Y disfrutemos, en este día, de este camino único y sagrado que cada madre construye cada día con tanto empeño. No hay recetas colectivas. La clave está en ser fiel y coherente con uno. Bajar la vara, perdonarse y no desanimarse cuando fallamos. Y mucho menos compararnos con los estándares ideales que inconscientemente absorbemos de las redes sociales.
Porque el error como el amor son las dos caras inseparables de una misma moneda. Y eso, felizmente, nos vuelve humanas.
Aprender a soltar el control
Nos puede costar noches sin dormir, cansancio o estrés para lidiar con la casa, la comida, el trabajo, los pooles y las infinitas actividades extraescolares. O preocupación y angustia cuando vemos a un hijo triste. Pero la gratificación y el gozo de ser madre no se compara con las dificultades que acompaña la sagrada tarea de criar hijos confiados, seguros y felices.
“Es algo tan bello. Ser testigo de esas miradas llenas de amor que se dan entre un recién nacido y su mamá, de las caricias, de la voz suave y reconfortante, del contacto piel con piel es algo único”, cuenta el pediatra Eduardo Moreno Vivot.
Luz lo reafirma: “El amor hacia mis hijos es algo animal, biológico. Son lo más importante en mi vida”,.

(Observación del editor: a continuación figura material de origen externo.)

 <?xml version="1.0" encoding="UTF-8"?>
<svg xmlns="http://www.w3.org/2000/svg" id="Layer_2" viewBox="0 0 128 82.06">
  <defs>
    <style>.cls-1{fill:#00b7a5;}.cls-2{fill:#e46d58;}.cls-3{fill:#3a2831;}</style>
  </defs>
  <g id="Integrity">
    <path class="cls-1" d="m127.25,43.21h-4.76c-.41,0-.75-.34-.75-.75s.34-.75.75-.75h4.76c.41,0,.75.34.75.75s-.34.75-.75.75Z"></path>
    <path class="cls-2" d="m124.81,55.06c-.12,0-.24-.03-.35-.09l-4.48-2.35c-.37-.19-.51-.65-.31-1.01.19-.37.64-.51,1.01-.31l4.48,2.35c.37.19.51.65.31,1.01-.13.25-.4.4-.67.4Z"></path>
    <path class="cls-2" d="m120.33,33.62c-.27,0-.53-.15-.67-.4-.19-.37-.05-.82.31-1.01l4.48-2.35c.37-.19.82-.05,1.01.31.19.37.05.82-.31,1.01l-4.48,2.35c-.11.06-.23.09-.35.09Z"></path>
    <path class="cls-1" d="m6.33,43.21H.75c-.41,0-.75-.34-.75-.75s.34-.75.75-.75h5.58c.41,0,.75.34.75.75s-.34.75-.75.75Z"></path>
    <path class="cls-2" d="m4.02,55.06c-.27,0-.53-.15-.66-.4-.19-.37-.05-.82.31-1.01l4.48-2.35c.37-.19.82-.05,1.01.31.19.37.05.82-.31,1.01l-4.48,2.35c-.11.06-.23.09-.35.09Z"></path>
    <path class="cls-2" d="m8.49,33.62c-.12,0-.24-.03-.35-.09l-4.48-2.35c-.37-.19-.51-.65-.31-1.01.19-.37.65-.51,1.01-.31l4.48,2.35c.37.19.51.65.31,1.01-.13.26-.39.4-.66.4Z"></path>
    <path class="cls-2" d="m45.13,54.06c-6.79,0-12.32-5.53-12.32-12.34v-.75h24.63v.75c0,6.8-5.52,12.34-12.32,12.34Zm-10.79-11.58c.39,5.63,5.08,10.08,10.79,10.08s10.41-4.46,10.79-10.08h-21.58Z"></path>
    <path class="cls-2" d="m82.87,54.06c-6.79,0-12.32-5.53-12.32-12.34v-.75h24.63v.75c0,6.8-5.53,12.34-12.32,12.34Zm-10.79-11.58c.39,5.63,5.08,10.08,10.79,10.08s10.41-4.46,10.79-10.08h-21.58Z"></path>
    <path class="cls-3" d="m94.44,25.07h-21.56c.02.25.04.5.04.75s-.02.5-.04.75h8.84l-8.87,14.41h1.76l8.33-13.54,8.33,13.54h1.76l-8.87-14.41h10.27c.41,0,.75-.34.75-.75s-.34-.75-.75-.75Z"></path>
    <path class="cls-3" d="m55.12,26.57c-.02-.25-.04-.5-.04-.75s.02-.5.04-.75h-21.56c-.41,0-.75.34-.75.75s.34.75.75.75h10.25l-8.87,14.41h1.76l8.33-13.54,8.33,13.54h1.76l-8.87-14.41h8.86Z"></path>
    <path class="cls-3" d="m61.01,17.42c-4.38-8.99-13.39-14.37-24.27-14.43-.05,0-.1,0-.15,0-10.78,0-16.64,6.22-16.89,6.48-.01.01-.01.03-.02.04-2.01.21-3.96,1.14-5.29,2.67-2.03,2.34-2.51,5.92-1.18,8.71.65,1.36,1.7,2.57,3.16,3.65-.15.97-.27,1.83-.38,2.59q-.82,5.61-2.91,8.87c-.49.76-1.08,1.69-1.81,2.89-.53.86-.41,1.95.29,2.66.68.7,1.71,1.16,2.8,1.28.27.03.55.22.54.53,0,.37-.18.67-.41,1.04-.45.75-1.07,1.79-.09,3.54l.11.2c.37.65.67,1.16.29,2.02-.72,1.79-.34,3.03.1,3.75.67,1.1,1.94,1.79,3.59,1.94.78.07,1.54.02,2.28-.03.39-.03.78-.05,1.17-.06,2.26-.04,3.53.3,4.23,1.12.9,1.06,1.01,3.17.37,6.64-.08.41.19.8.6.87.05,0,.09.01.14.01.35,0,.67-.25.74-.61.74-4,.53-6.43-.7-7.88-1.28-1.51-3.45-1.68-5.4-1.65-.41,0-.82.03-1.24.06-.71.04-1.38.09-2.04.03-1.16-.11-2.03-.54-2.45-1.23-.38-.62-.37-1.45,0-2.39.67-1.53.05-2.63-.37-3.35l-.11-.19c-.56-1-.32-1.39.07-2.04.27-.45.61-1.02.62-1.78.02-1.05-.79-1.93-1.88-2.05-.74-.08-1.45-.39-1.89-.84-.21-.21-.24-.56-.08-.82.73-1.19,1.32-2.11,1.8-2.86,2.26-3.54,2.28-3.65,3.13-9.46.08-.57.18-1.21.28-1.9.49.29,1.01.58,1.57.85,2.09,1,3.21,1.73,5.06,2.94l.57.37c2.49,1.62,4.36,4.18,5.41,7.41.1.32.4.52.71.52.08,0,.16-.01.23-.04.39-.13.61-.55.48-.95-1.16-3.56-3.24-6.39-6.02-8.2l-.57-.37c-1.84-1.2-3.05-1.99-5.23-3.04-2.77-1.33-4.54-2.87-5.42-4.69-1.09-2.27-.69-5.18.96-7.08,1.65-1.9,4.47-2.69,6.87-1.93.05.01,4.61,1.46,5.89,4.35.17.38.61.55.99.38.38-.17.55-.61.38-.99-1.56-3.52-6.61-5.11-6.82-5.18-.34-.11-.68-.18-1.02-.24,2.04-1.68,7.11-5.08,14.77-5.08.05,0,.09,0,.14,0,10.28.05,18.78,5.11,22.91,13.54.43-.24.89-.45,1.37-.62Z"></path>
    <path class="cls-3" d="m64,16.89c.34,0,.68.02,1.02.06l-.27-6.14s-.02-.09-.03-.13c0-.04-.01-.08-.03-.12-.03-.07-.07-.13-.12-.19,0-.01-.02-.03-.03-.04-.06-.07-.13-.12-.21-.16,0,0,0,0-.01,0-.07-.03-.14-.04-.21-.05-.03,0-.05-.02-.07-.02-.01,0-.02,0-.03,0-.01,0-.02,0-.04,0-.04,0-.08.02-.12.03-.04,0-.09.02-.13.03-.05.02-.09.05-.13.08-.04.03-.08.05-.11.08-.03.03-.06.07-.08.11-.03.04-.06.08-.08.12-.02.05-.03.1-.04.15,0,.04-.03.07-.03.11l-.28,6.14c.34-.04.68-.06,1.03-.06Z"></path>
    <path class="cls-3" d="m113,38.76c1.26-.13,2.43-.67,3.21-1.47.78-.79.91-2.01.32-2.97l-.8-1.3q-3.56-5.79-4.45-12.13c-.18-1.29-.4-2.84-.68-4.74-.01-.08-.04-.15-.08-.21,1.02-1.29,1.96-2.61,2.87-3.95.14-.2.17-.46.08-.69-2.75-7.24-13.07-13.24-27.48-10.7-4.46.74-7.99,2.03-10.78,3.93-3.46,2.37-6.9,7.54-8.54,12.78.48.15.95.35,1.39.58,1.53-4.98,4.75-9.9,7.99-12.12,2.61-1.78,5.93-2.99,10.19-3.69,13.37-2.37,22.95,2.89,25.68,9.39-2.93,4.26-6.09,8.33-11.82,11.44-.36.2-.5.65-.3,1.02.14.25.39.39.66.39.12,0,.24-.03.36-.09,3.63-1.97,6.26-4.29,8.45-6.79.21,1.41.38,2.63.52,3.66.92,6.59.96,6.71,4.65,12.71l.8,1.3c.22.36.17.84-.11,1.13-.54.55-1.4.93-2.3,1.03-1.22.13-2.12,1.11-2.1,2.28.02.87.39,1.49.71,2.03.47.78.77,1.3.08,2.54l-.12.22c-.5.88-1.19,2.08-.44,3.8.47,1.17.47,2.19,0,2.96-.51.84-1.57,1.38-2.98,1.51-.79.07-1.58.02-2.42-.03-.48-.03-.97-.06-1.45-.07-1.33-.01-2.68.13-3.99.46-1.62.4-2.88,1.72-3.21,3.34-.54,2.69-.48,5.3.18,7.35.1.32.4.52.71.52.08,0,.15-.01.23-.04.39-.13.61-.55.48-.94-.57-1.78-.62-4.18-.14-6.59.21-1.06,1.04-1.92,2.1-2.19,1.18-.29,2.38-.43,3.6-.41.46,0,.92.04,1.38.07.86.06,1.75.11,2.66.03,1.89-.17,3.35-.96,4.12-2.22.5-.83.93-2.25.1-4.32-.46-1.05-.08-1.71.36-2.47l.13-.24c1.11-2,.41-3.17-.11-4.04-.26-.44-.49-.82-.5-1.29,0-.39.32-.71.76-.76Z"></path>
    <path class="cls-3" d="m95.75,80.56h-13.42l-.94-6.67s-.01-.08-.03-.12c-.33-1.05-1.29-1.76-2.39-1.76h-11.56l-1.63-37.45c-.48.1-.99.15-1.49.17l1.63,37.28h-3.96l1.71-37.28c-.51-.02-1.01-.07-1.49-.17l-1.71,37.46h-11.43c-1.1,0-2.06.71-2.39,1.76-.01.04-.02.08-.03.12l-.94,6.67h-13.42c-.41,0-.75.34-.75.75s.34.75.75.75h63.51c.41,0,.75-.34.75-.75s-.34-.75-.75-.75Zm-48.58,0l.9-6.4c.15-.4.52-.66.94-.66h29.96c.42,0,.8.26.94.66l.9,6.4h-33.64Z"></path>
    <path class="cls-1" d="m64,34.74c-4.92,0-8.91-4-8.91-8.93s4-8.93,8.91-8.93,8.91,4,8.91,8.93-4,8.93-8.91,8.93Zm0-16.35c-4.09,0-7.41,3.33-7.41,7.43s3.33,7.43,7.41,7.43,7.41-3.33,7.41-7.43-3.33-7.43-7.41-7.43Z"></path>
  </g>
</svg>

A Paula le costó convertirse en madre y tener que resignar su tiempo e independencia; dice que aprendió a disfrutarlos a medida que pasó el tiempo. “Ser mamá es un viaje lleno de desafíos pero la satisfacción, el amor y la conexión que siento es indescriptible. Me llena de orgullo y alegría poder acompañarlos. Voy aprendiendo a su paso. Ellos son mis maestros, quienes me enseñan a enfrentar mis miedos, a trabajar mis limitaciones y sanar mis heridas para poder ayudarlos a ellos a sanar las suyas”.
Flexibilizarse
“Mi maternidad potenció mi generosidad como nunca hubiese imaginado y no solo por tener que ceder la última porción de torta”, se ríe Teresita. “Agudizó mi paciencia, mi capacidad de escucha, mi percepción para poder leerlos cuando no pueden decirte qué les pasa. Me llevó a flexibilizarme, a alejarme del lugar de juez para poder escucharlos, a respetar sus puntos de vista y a entender que ellos toman otras decisiones. Me desafían a soltar el control. Aprendí que no tengo la verdad de nada, que como mamá voy haciendo camino junto con ellos, que es válido cambiar de opinión. Soy más humilde, me animo a pedir perdón y a decir también no sé. A volver a empezar y abrazarlos cuando me siento perdida. Hasta el día de hoy me parece un milagro que haya tres personas en este mundo que me llamen mamá”.